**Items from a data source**
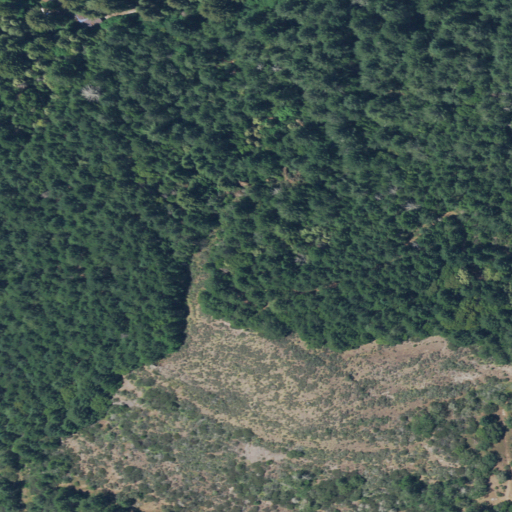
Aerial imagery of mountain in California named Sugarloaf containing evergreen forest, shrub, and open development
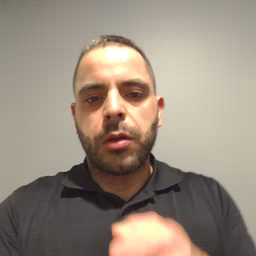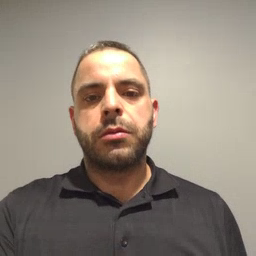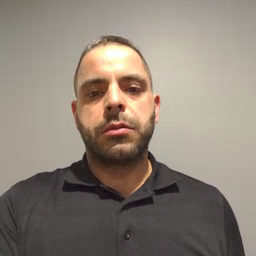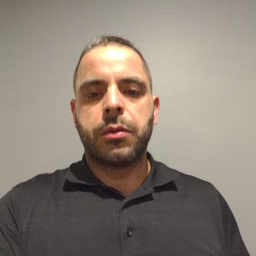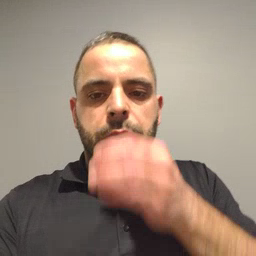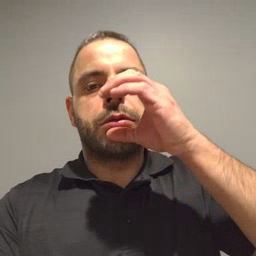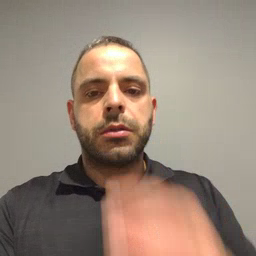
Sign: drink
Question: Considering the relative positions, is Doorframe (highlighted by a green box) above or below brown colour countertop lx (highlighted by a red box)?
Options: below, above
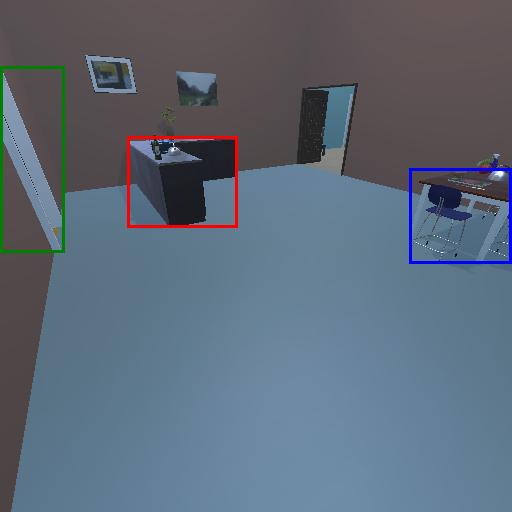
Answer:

**Your task**
Transcribe the records above exactly, skipping pictures.

**Result**
Aerial imagery of mountain in California named Sugarloaf containing evergreen forest, shrub, and open development
Sign: drink
Question: Considering the relative positions, is Doorframe (highlighted by a green box) above or below brown colour countertop lx (highlighted by a red box)?
Options: below, above
Answer:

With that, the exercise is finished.